Your task is to transcribe each record exactly and to omit every image.
##### Listed entries
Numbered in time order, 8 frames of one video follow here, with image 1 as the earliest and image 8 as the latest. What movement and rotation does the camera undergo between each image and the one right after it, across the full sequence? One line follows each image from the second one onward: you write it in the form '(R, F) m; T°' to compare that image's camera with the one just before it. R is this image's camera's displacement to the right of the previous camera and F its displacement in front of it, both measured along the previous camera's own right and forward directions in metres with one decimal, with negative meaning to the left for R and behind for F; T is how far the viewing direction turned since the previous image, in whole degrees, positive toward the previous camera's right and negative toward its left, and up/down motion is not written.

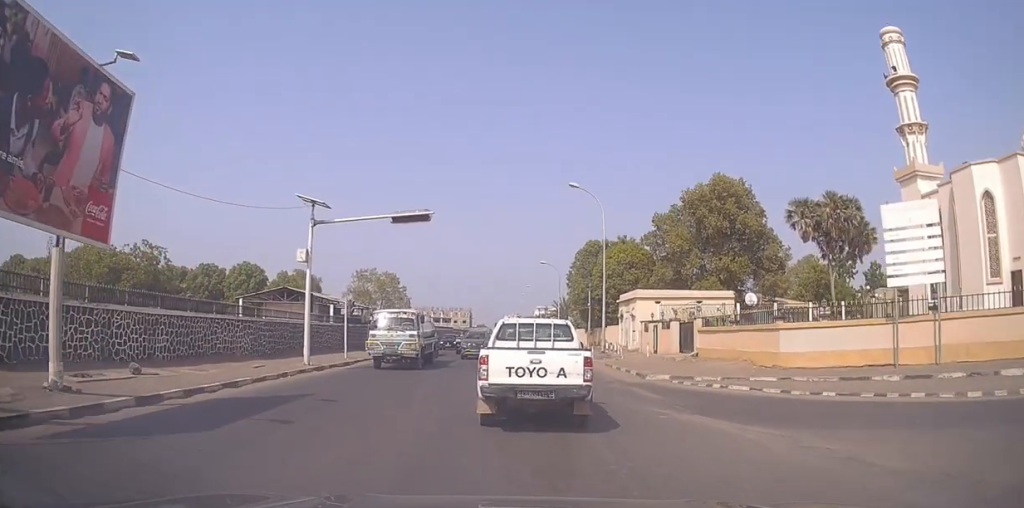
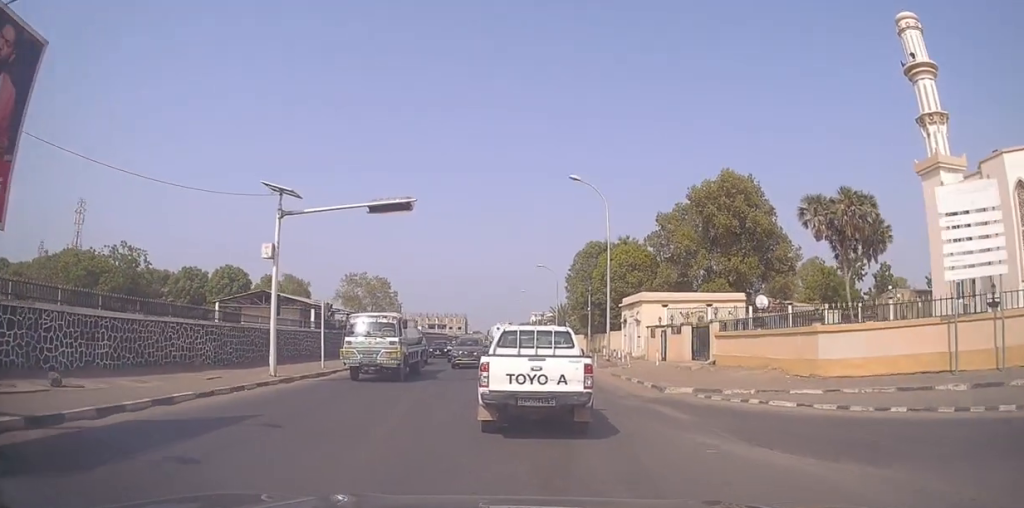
(0.0, +3.1) m; 0°
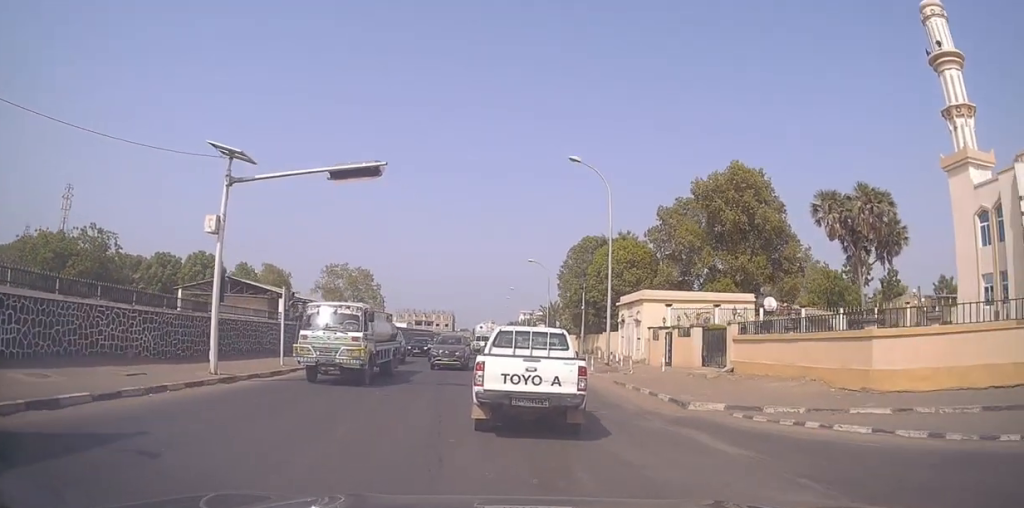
(0.0, +3.6) m; -1°
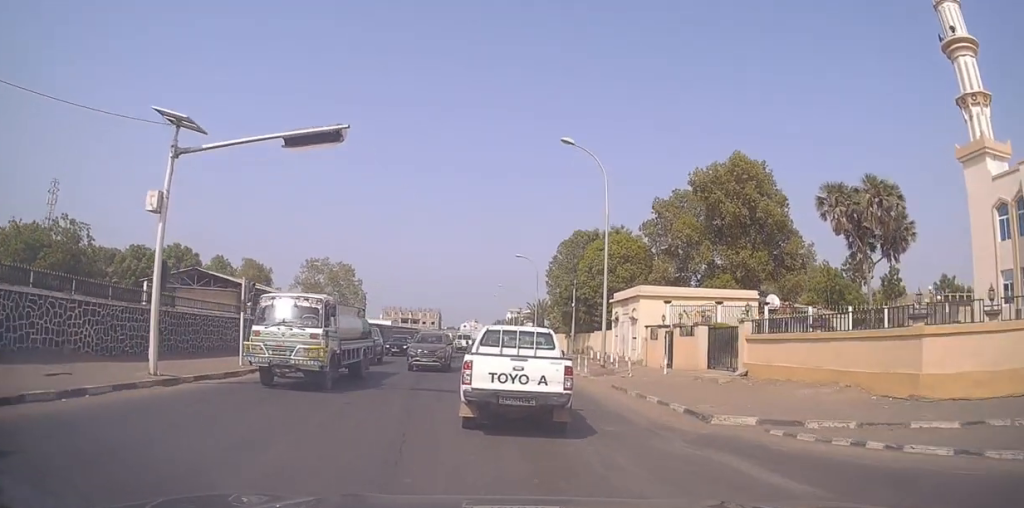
(0.0, +2.6) m; 0°
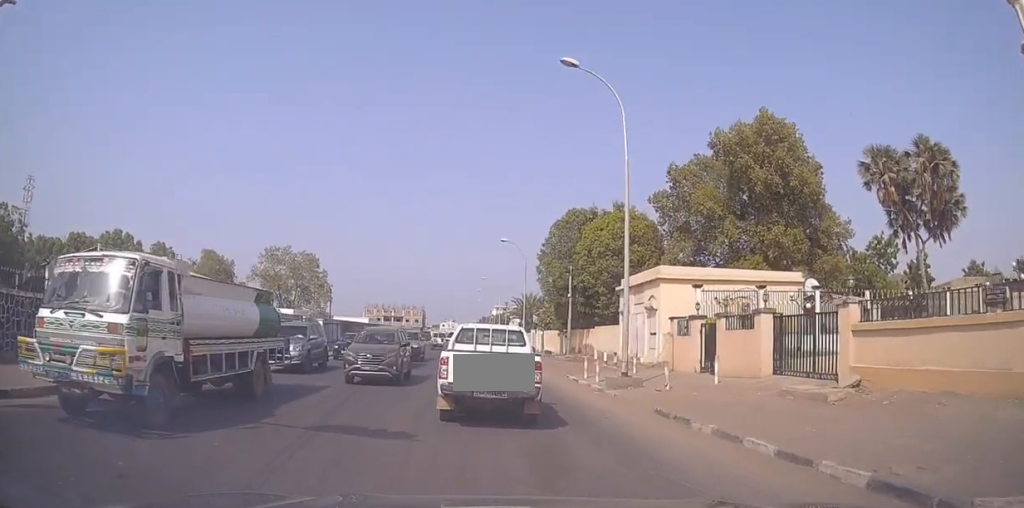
(0.0, +7.7) m; +4°
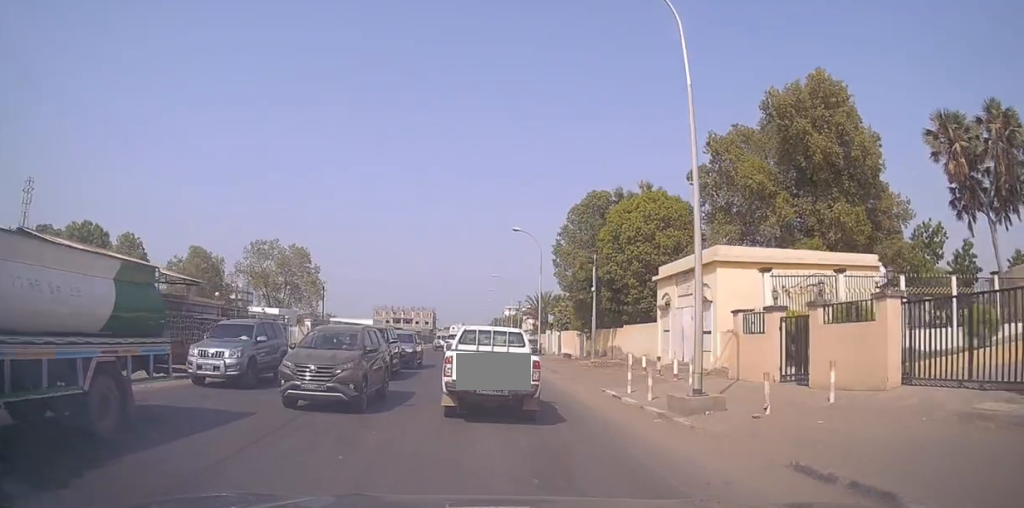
(+0.4, +5.7) m; +2°
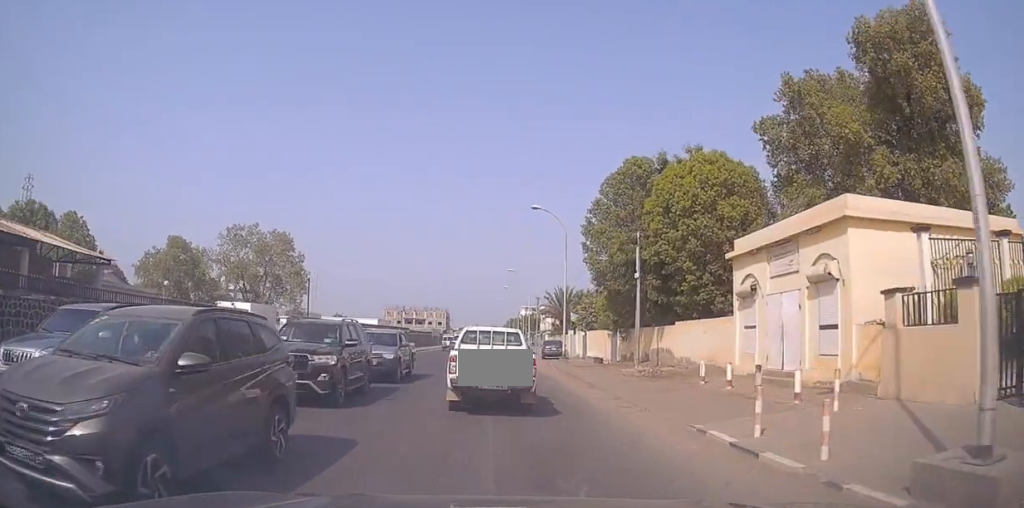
(-0.4, +7.2) m; 0°
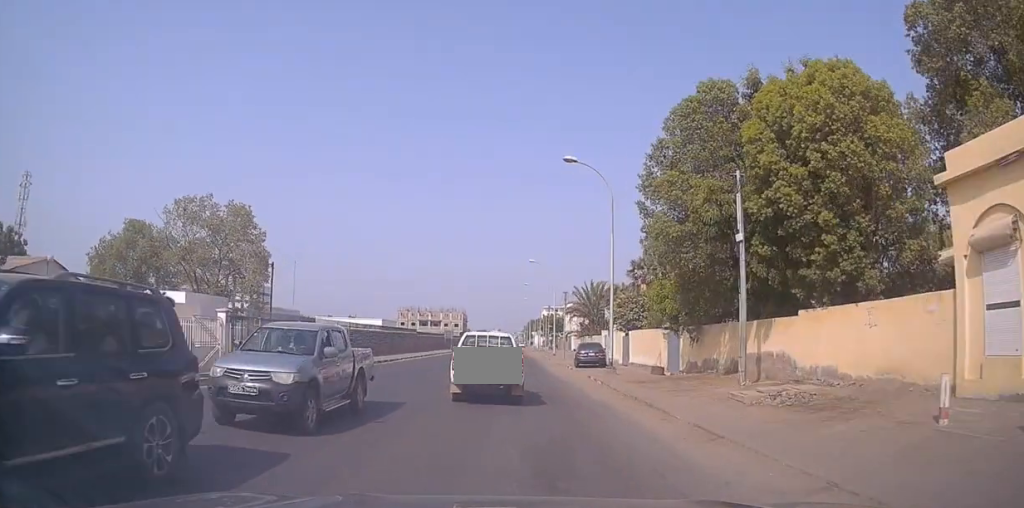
(-0.4, +9.9) m; -8°
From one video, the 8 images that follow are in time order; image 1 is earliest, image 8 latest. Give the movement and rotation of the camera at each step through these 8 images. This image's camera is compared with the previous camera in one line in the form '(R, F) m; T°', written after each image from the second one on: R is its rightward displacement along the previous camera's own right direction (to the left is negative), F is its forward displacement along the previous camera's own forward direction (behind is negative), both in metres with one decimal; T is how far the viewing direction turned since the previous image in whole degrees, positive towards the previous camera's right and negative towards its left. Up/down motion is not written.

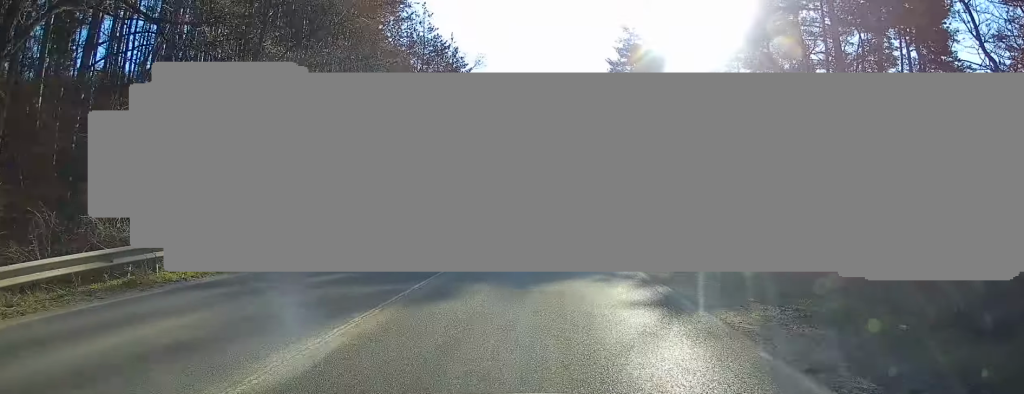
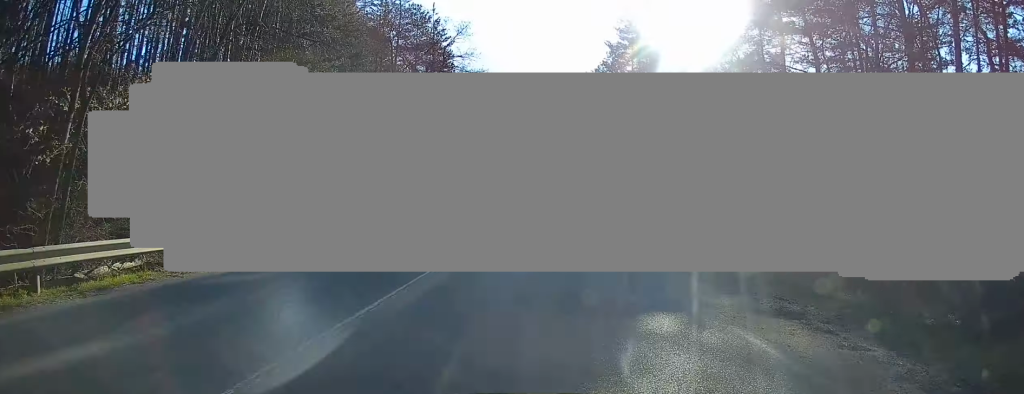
(0.0, +7.2) m; 0°
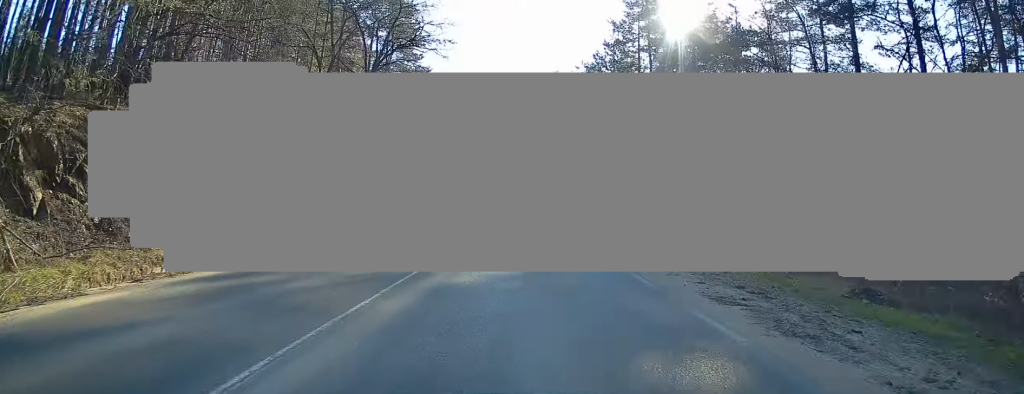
(0.0, +11.3) m; 0°
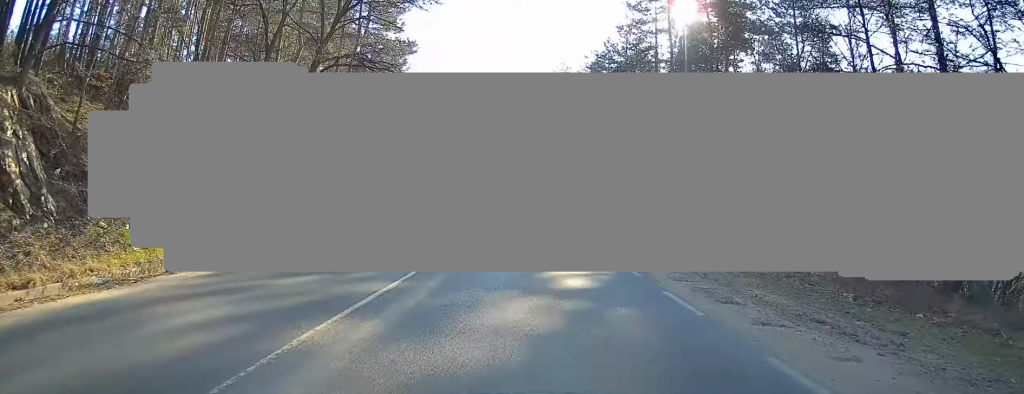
(0.0, +7.0) m; 0°
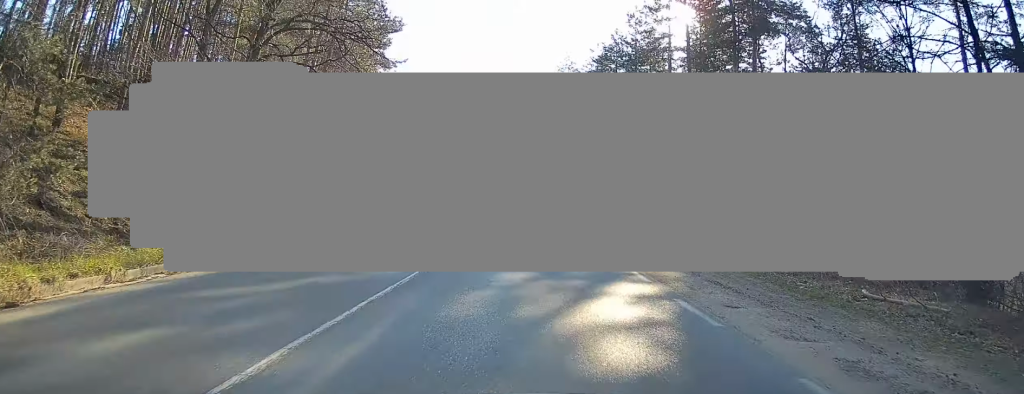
(0.0, +4.8) m; 0°
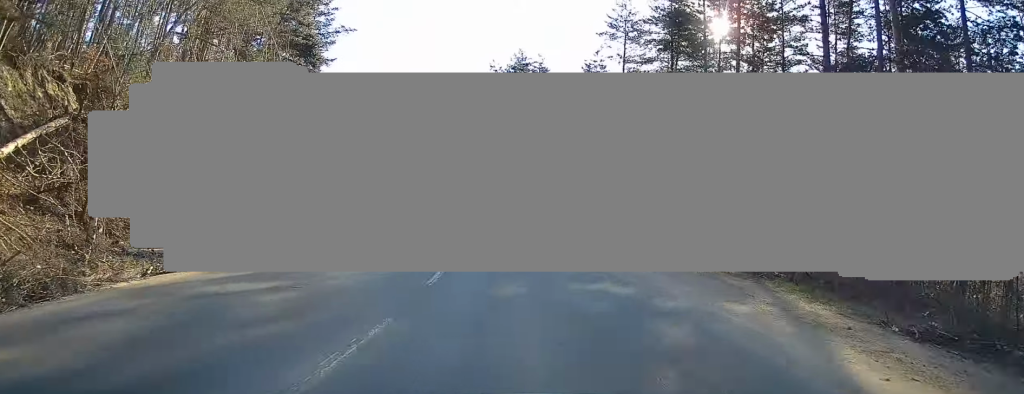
(-0.6, +23.3) m; -6°
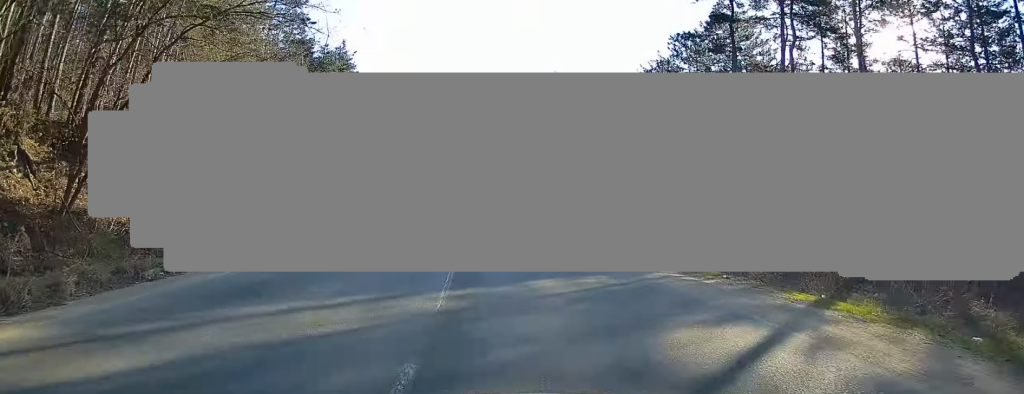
(-5.2, +37.4) m; -14°
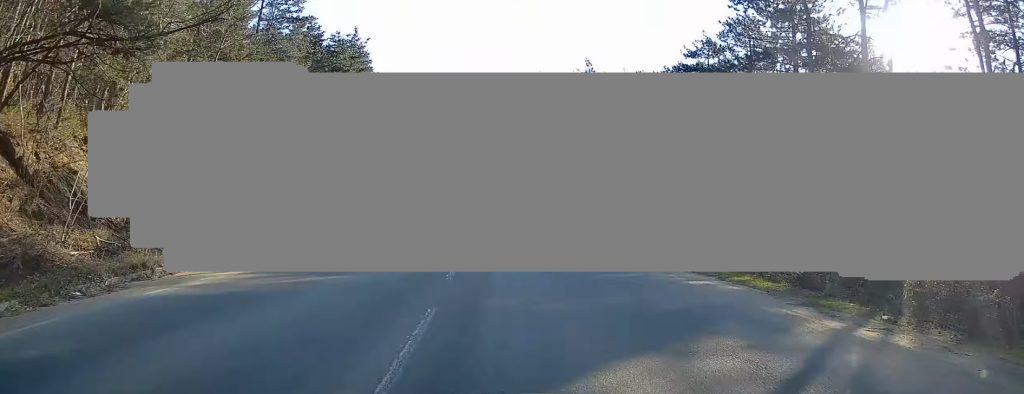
(0.0, +6.4) m; -2°
##########
**Response for this exercise:**
Numbered in time order, 8 frames of one video follow here, with image 1 as the earliest and image 8 as the latest. What movement and rotation does the camera undergo between each image and the one right after it, across the full sequence? One line follows each image from the second one onward: you write it in the form '(R, F) m; T°' to compare that image's camera with the one just before it. R is this image's camera's displacement to the right of the previous camera and F its displacement in front of it, both measured along the previous camera's own right and forward directions in metres with one decimal, with negative meaning to the left for R and behind for F; T is how far the viewing direction turned since the previous image, in whole degrees, positive toward the previous camera's right and negative toward its left, and up/down motion is not written.

(0.0, +3.1) m; 0°
(0.0, +3.6) m; -1°
(0.0, +2.6) m; 0°
(0.0, +7.7) m; +4°
(+0.4, +5.7) m; +2°
(-0.4, +7.2) m; 0°
(-0.4, +9.9) m; -8°
From one video, the 8 images that follow are in time order; image 1 is earliest, image 8 latest. Give the movement and rotation of the camera at each step through these 8 images. This image's camera is compared with the previous camera in one line in the form '(R, F) m; T°', written after each image from the second one on: R is its rightward displacement along the previous camera's own right direction (to the left is negative), F is its forward displacement along the previous camera's own forward direction (behind is negative), both in metres with one decimal; T is how far the viewing direction turned since the previous image in whole degrees, positive towards the previous camera's right and negative towards its left. Up/down motion is not written.

(0.0, +7.2) m; 0°
(0.0, +11.3) m; 0°
(0.0, +7.0) m; 0°
(0.0, +4.8) m; 0°
(-0.6, +23.3) m; -6°
(-5.2, +37.4) m; -14°
(0.0, +6.4) m; -2°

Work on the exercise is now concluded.